Perfil Brasil 2014: Wayne Rooney
Perfil Brasil 2014: Wayne Rooney

Estatuto de muitos, qualidade de poucos, Wayne Rooney é a estrela da Selecção Inglesa e chega a Terras de Vera Cruz pronto para o combate. Depois da brilhante prestação no último Mundial, onde ajudou os The Three Lions a chegar aos oitavos-de-final, Rooney mostra-se mais que preparado para ajudar a equipa de Roy Hodgson.

Apesar de ter a sua qualidade mais que comprovada, Rooney sabe que muito do valor que tem acaba por não ser reconhecido. No que diz respeito ao campeonato inglês o avançado-centro, sabe que tem o lugar mais que merecido no onze titular, ainda assim acaba por ser ofuscado por estrelas em ascensão como Van Persie, ou, noutros tempos, pelo português Cristiano Ronaldo.

No que à Selecção diz respeito, Rooney tem a liberdade que sempre mereceu. A jogar ao centro do ataque, o menino do United, dá as voltas que forem necessárias para dificultar a vida ao adversário e colocar a bola no fundo da baliza contrária.

A Dança do ataque

Rooney, ao contrário do que muitos possam pensar, não é ponta-de-lança. Wayne Rooney joga como avançado-centro, ou seja, toda a zona central do ataque é ocupada pelo inglês, isto dá-lhe não só uma maior liberdade para deambular nas zonas ofensivas, como também mostra a criatividade no jogador na construção atacante.

A credibilidade, a rapidez e a qualidade técnica de que Rooney é dono fazem com que seja um dos jogadores que mais faz tremer a defesa contrária. Não é por acaso que Rooney é conhecido como o guerreiro vermelho, não é fácil prever o que vai fazer, não é fácil de parar e mais, o pé direito de Rooney é o pesadelo de muitos guarda-redes.

Dono e senhor do ataque inglês, controlador de cada uma das zonas do campo, rápido, coeso, possante e resistente ao choque. Assim se pode definir o estilo de jogo de Wayne Rooney. O remate potente e letal é eficaz tanto a curtas, como a médias distâncias, o que faz dele um dos alvos a abater pela defesa adversária.

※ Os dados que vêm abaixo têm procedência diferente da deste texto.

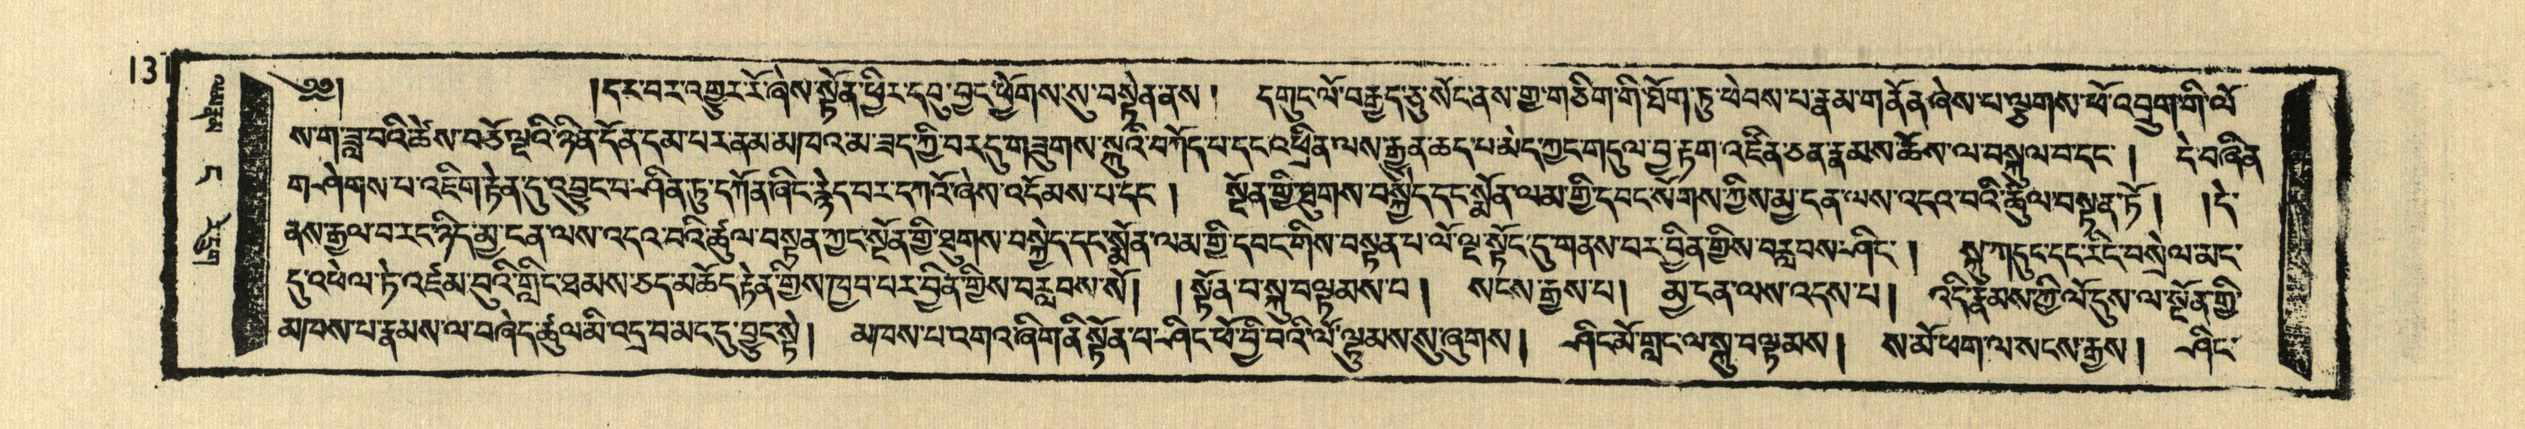༄༅། །དང་བར་འགྱུར་རོ་ཞེས་སྟོན་ཕྱིར་དབུ་བྱང་ཕྱོགས་སུ་བསྟེན་ནས། དགུང་ལོ་བརྒྱད་ཅུ་སོང་ནས་གྱ་གཅིག་གི་ཐོག་ཏུ་ཕེབས་པ་རྣམ་གནོན་ཞེས་པ་ལྕགས་ཕོ་འབྲུག་གི་ལོ་
ས་ག་ཟླ་བའི་ཚེས་བཅོ་ལྔའི་ཉིན་དོན་དམ་པར་ནམ་མཁའ་མ་ཟད་ཀྱི་བར་དུ་གཟུགས་སྐུའི་བཀོད་པ་དང་འཕྲིན་ལས་རྒྱུན་ཆད་པ་མེད་ཀྱང་གདུལ་བྱ་རྟག་འཛིན་ཅན་རྣམས་ཆོས་ལ་བསྐུལ་བ་དང་། དེ་བཞིན་
གཤེགས་པ་འཇིག་རྟེན་དུ་འབྱུང་བ་ཤིན་ཏུ་དཀོན་ཞིང་རྙེད་པར་དཀའོ་ཞེས་འདོམས་པ་དང་། སྔོན་གྱི་ཐུགས་བསྐྱེད་དང་སྨོན་ལམ་གྱི་དབང་སོགས་ཀྱིས་མྱ་ངན་ལས་འདའ་བའི་ཚུལ་བསྟན་ཏོ། །དེ་
ནས་རྒྱལ་བ་རང་ཉིད་མྱ་ངན་ལས་འདའ་བའི་ཚུལ་བསྟན་ཀྱང་སྔོན་གྱི་ཐུགས་བསྐྱེད་དང་སྨོན་ལམ་གྱི་དབང་གིས་བསྟན་པ་ལོ་ལྔ་སྟོང་དུ་གནས་བར་བྱིན་གྱིས་བརླབས་ཤིང་། སྐུ་གདུང་དང་རིང་བསྲེལ་མང་
དུ་འཕེལ་ཏེ་འཛམ་བུའི་གླིང་ཐམས་ཅད་མཆོད་རྟེན་གྱིས་ཁྱབ་པར་བྱིན་གྱིས་བརླབས་སོ། །སྟོན་བ་སྐུ་བལྟམས་པ། སངས་རྒྱས་པ། མྱ་ངན་ལས་འདས་པ། འདི་རྣམས་ཀྱི་ལོ་དུས་ལ་སྔོན་གྱི་
མཁས་པ་རྣམས་ལ་བཞེད་ཚུལ་མི་འདྲ་བ་མང་དུ་བྱུང་སྟེ། མཁས་པ་འགའ་ཞིག་ནི་སྟོན་པ་ཤིང་ཕོ་བྱི་བའི་ལོ་ལྷུམས་སུ་ཞུགས། ཤིང་མོ་གླང་ལ་སྐུ་བལྟམས། ས་མོ་ཕག་ལ་སངས་རྒྱས། ཤིང་
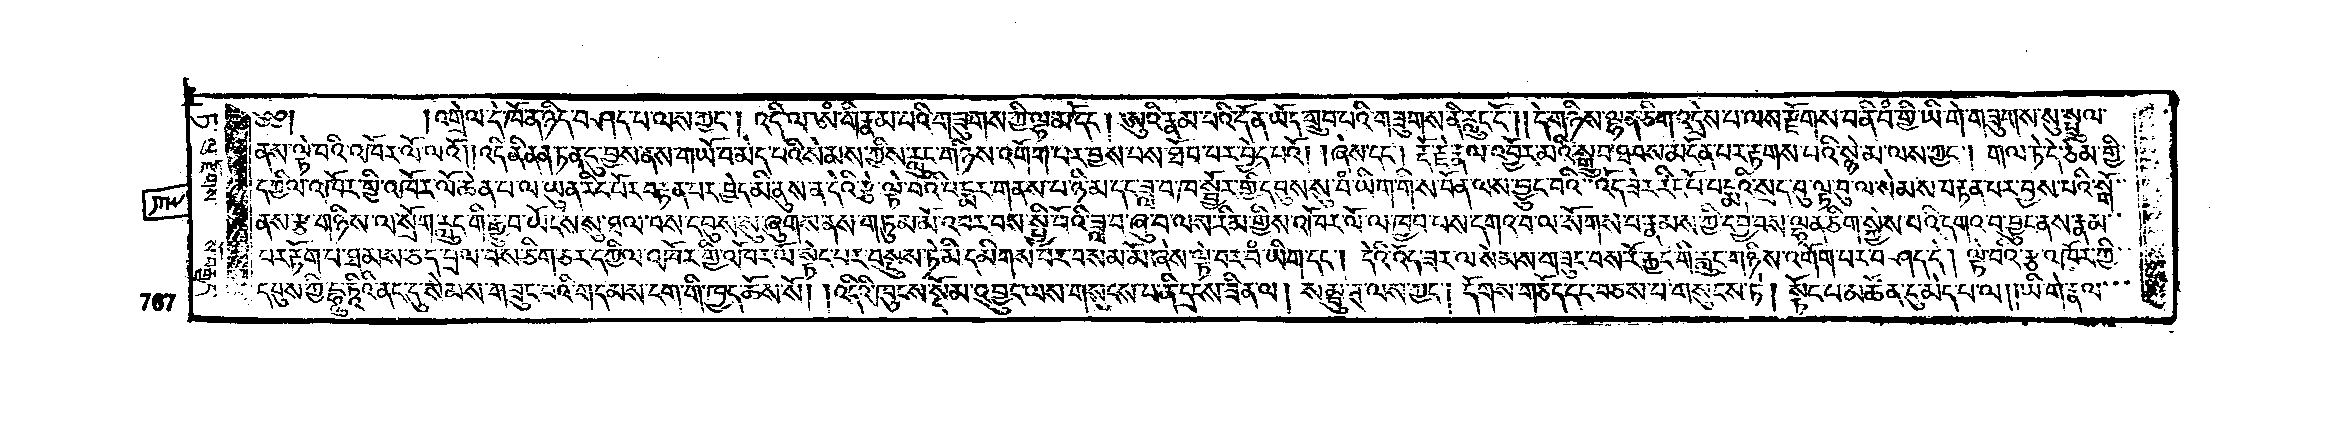༄༅། །འགྲེལ་དེ་ཁོ་ན་ཉིད་བཤད་པ་ལས་ཀྱང་། འདི་ལ་ཨཾ་གི་རྣམ་པའི་གཟུགས་ཀྱི་ལྷ་མོ་དང་། ཨུའི་རྣམ་པའི་དོན་ཡོད་གྲུབ་པའི་གཟུགས་ནི་རླུང་ངོ། །དེ་གཉིས་ལྷན་ཅིག་འདྲེས་པ་ལས་རྫོགས་པ་ནི་བཾ་གྱི་ཡི་གེ་གཟུགས་སུ་སྤྲུལ་
ནས་ལྟེ་བའི་འཁོར་ལོ་ལའོ། །འདི་ནི་ནན་ཏན་དུ་བྱས་ནས་གཡོ་བ་མེད་པའི་སེམས་ཀྱིས་རླུང་གཉིས་འགོག་པར་བྱས་པས་ཐོབ་པར་བྱེད་པའོ། །ཞེས་དང་། རྡོ་རྗེ་རྣལ་འབྱོར་མའི་སྒྲུབ་ཐབས་མངོན་པར་རྟགས་པའི་སྙེ་མ་ལས་ཀྱང་། གལ་ཏེ་དེ་ཙམ་གྱི་
དཀྱིལ་འཁོར་གྱི་འཁོར་ལོ་ཆེན་པོ་ལ་ཡུན་རིང་པོར་བརྟན་པར་བྱེད་མི་ནུས་ན་དེའི་རྩེ་ལྟེ་བའི་པདམར་གནས་པ་ཉི་མ་དང་ཟླ་བ་ཁ་སྦྱོར་གྱི་དབུས་སུ་བཾ་ཡིག་གི་ས་བོན་ལས་བྱུང་བའི་འོད་ཟེར་རིང་པོ་པདམའི་སྲད་བུ་ལྟ་བུ་ལ་སེམས་བརྟན་པར་བྱས་པའི་སྒོ་
ནས་རྩ་གཉིས་ལ་སྲོག་རླུང་གི་རྒྱུ་བ་ཡོངས་སུ་ཐལ་བས་དབུས་སུ་ཞུགས་ནས་གཏུམ་མོ་འབར་བས་སྤྱི་བོའི་ཟླ་བ་ཞུ་བ་ལས་རིམ་གྱིས་འཁོར་ལོ་ལ་ཁྱབ་པས་དགའ་བ་ལ་སོགས་པ་རྣམས་ཀྱི་དབྱེ་བས་ལྷན་ཅིག་སྐྱེས་པའི་དགའ་བ་བྱུང་ནས་རྣམ་
པར་རྟོག་པ་ཐམས་ཅད་བྲལ་བས་ཅིག་ཅར་དཀྱིལ་འཁོར་གྱི་འཁོར་ལོ་སྟོང་པར་བསྡུས་ཏེ་མི་དམིགས་པར་བསམ་མོ་ཞེས་ལྟེ་བར་བཾ་ཡིག་དང་། དེའི་འོད་ཟེར་ལ་སེམས་གཟུང་བས་རེ་རྐྱང་གི་རླུང་གཉིས་འགོག་པར་བཤད་དེ། ལྟེ་བའི་རྩ་འཁོར་གྱི་
དབུས་ཀྱི་དྷཱུ་ཏཱིའི་ནང་དུ་སེམས་གཟུང་པའི་གདམས་ངག་གི་ཁྱད་ཆོས་སོ། །འདིའི་ཁུངས་སྡོམ་འབྱུང་ལས་གསུངས་པ་ནི་དྲངས་ཟིན་ལ། སམྦུ་ཊ་ལས་ཀྱང་། དོགས་གཅོད་དང་བཅས་པ་གསུངས་ཏེ། སྟོང་པ་མཚོན་དུ་མེད་པ་ལ། །ཡི་གེ་རྣལ་
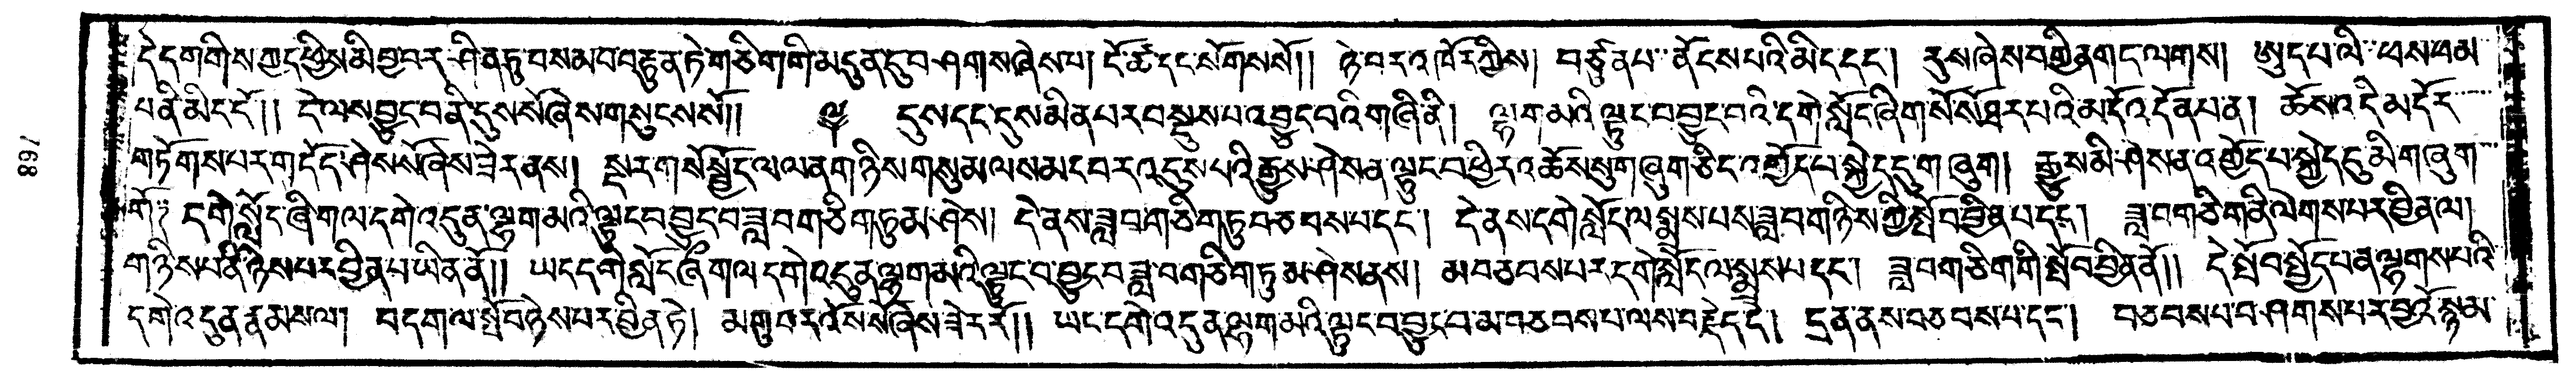དེ་དག་གིས་ཀྱང་ཕྱིས་མི་བྱ་བར་ཤིན་ཏུ་བསམ་བ་བརྟུན་ཏེ་གཅིག་གི་མདུན་དུ་བཤགས་ཞེས་པ། ངོ་ཚ་དང་སོགས་སོ།། ཉེ་བར་འཁོར་ཀྱིས། བཙུན་པ་ནོངས་པའི་མིང་དང་། རུས་ཞེས་བགྱིན་གང་ལགས། ཨུད་པ་ལི་ཕས་ཕམ་
པ་ནི་མིང་ངོ།། དེ་ལས་བྱུང་བ་ནི་དུས་སོ་ཞེས་གསུངས་སོ།། ༈ དུས་དང་དུས་མིན་པར་བསྡུས་པ་འབྱུང་བའི་གཞི་ནི། ལྷག་མའི་ལྟུང་བ་བྱུང་བའི་དགེ་སློང་ཞིག་སོ་སོ་ཐར་པའི་མདོ་འདོན་པ་ན། ཆོས་འདི་མདོར་
གཏོགས་པར་གདོད་ཤེས་སོ་ཞེས་ཟེར་ནས། སྔར་གསོ་སྦྱོང་ལ་ལན་གཉིས་གསུམ་ལས་མང་བར་འདུས་པའི་རྒྱུས་ཤེས་ན་ལྟུང་བ་ཕྱིར་འཆོས་སུ་གཞུག་ཅིང་འགྱོད་པ་སྐྱེད་དུ་གཞུག། རྒྱུས་མི་ཤེས་ན་འགྱོད་པ་སྐྱེད་དུ་མི་གཞུག་
གོ༑ དགེ་སློང་ཞིག་ལ་དགེ་འདུན་ལྷག་མའི་ལྟུང་བ་བྱུང་བ་ཟླ་བ་གཅིག་ཏུ་མ་ཤེས། དེ་ནས་ཟླ་བ་གཅིག་ཏུ་བཅབས་པ་དང་། དེ་ནས་དགེ་སློང་ལ་སྨྲས་པས་ཟླ་བ་གཉིས་ཀྱི་སྤོ་བ་བྱིན་པ་དང་། ཟླ་བ་གཅིག་ནི་ལེགས་པར་བྱིན་ལ།
གཉིས་པ་ནི་ཉེས་པར་བྱིན་པ་ཡིན་ནོ།། ཡང་དགེ་སློང་ཞྀ་གལ་དགེ་འདུན་ལྷག་མའི་ལྟུང་བ་བྱུང་བཟླ་བ་གཅིག་ཏུ་མ་ཤེས་ནས། མ་བཅབས་པར་དགེ་སློང་ལ་སྨྲས་པ་དང་། ཟླ་བ་གཅིག་གི་སྤོ་བ་བྱིན་ནོ།། དེ་སྤོ་བ་སྤྱོད་པ་ན་ལྷགས་པའི་
དགེ་འདུན་རྣམས་ལ། བདག་ལ་སྤོ་བ་ཉེས་པར་བྱིན་ཏེ། མགུ་བར་འོས་སོ་ཞེས་ཟེར་རོ།། ཡང་དགེ་འདུན་ལྷག་མའི་ལྟུང་བ་བྱུང་བ་མ་བཅབས་པ་ལས་བརྗེད་དེ། དྲན་ནས་བཅབས་པ་དང་། བཅབས་པ་བཤགས་པར་བྱའོ་སྙམ་

Rooney chega ao Brasil depois de uma época no United que deixou a desejar. Os Red Devil's não foram além do 7º lugar, mas apesar de tudo foi o mestre no ataque que ajudou a que as coisas não piorassem. A Wayne Rooney não falta motivação e o inglês parece estar mais do que preparado para levar a Selecção de Isabel II ao topo do Futebol Mundial.

Os pormenores que podem fazer a diferença

Depois de 12 anos de carreira e de mais de 230 golos, Rooney não é um jogador a quem possamos apontar defeitos. Com a qualidade mais que provada, o jogador do Manchester United já nada tem que fazer para mostrar serviço.

Rooney ainda só tem 28 anos, os anos como jogador começam a pesar e nos jogos de preparação para o Mundial isso foi notório. Rooney já não tem a mesma rapidez que tanto o caracterizou ao longo da sua carreira, no jogo com o Peru a qualidade ficou perdida.

Entre Rooney, Welbeck e Sturridge se divide o ataque da equipa inglesa. Rooney é certo no onze, ainda assim Welbeck e Sturridge têm um estilo muito parecido com o jogador do United e isso acaba por tirar a liberdade que Rooney gosta de dar ao seu jogo.

Para estar a 100% em campo, Wayne Rooney precisa apenas de si próprio, da qualidade que tanto lhe é reconhecida e de um avançado fixo. Ora, isso acaba por não acontecer com Welbeck e Sturridge em campo. As duas outras estrelas inglesas acabam por baralhar Rooney no seu estilo próprio e dificultam a vida do inglês na chegada à baliza.

Estará a equipa inglesa a cair de qualidade técnica? Não, o que acontece é que no caso de Rooney a idade e o ritmo de jogo a que sempre esteve habituado começam a pesar. E demasiado.

Ainda assim, o Guerreiro Vermelho, parece estar mais do que preparado e diz mesmo que a Inglaterra chega ao Brasil com a ambição de sempre: «Estamos aqui para ganhar!»